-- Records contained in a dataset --
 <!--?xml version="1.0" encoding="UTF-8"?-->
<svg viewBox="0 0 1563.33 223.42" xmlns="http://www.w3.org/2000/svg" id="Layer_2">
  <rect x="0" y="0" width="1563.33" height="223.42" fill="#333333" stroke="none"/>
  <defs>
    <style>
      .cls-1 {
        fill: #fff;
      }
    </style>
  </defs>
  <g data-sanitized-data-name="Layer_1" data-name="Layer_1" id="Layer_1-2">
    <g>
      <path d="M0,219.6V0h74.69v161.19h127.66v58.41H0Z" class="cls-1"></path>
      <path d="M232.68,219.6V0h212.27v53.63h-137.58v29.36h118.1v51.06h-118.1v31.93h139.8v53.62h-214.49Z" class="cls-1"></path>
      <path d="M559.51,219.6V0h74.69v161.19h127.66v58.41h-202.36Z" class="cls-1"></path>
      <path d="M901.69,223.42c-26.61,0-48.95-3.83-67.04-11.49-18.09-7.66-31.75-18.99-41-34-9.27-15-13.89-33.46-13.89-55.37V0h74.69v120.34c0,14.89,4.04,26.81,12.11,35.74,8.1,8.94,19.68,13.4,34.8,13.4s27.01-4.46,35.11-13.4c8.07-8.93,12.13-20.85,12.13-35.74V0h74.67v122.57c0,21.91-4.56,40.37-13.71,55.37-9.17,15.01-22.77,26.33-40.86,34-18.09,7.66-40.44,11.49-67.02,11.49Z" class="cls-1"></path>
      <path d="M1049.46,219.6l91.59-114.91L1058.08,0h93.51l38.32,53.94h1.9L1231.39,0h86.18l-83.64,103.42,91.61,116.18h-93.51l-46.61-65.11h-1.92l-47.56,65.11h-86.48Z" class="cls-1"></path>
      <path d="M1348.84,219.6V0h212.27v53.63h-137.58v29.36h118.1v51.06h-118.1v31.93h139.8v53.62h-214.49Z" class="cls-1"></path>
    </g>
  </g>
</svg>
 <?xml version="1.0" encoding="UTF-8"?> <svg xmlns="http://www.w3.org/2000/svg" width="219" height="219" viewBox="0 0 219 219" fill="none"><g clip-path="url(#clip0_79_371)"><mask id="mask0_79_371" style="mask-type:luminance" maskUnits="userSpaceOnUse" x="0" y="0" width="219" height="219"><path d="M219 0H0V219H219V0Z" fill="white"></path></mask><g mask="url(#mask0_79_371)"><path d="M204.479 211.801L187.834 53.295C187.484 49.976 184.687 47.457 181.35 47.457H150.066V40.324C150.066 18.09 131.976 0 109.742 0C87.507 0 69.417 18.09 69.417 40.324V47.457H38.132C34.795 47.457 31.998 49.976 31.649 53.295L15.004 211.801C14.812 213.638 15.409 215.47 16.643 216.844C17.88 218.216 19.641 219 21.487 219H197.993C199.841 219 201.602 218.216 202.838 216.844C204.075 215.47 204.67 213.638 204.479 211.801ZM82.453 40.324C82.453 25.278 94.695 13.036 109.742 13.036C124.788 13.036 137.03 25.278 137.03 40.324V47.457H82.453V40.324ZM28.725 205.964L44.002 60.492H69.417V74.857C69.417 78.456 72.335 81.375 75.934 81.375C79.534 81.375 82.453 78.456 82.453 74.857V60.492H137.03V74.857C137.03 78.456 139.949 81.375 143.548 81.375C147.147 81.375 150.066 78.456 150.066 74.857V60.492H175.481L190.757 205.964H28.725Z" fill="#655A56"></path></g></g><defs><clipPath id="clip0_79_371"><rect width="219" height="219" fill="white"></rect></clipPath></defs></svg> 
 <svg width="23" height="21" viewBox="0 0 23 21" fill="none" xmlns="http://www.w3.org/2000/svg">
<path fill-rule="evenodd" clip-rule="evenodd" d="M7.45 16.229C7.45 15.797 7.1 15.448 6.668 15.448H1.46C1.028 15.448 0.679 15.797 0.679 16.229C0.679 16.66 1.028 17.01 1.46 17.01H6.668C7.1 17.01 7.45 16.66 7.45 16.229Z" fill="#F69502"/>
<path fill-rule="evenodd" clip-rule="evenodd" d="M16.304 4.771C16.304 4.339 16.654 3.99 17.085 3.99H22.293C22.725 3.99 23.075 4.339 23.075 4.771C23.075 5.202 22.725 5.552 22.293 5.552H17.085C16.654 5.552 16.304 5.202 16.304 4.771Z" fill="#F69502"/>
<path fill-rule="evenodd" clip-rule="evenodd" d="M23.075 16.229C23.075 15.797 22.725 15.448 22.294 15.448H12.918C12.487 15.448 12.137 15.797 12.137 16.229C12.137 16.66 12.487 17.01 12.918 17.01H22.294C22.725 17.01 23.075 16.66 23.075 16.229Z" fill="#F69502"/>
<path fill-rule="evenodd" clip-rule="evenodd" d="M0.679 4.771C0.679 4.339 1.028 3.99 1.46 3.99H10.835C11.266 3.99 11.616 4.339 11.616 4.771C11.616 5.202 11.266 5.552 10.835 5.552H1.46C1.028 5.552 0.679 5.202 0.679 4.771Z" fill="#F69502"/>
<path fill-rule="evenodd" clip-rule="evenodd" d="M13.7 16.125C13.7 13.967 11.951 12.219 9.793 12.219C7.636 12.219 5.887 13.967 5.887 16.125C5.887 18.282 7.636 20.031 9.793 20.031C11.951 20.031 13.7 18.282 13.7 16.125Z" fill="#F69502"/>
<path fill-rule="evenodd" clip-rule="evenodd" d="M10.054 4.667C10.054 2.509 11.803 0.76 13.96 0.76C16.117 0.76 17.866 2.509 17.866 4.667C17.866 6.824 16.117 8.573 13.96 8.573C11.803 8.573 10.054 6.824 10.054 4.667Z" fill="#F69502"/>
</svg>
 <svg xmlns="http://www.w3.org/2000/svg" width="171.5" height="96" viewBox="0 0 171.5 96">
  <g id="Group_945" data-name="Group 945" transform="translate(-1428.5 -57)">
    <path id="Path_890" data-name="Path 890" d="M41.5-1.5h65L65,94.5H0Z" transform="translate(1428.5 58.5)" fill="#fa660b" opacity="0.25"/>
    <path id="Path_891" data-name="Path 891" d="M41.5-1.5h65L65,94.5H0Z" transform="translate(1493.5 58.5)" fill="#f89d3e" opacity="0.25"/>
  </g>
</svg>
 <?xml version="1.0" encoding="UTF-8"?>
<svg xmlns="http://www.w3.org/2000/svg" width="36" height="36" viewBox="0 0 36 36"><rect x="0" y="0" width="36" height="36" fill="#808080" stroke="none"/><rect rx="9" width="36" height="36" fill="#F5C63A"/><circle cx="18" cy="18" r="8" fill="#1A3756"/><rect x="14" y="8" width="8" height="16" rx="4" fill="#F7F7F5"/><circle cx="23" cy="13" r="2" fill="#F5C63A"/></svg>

-- EXERCISE --
For each line above that contains the word "name", give the line as it is written.

-- RESPONSE --
  <g data-sanitized-data-name="Layer_1" data-name="Layer_1" id="Layer_1-2">
  <g id="Group_945" data-name="Group 945" transform="translate(-1428.5 -57)">
    <path id="Path_890" data-name="Path 890" d="M41.5-1.5h65L65,94.5H0Z" transform="translate(1428.5 58.5)" fill="#fa660b" opacity="0.25"/>
    <path id="Path_891" data-name="Path 891" d="M41.5-1.5h65L65,94.5H0Z" transform="translate(1493.5 58.5)" fill="#f89d3e" opacity="0.25"/>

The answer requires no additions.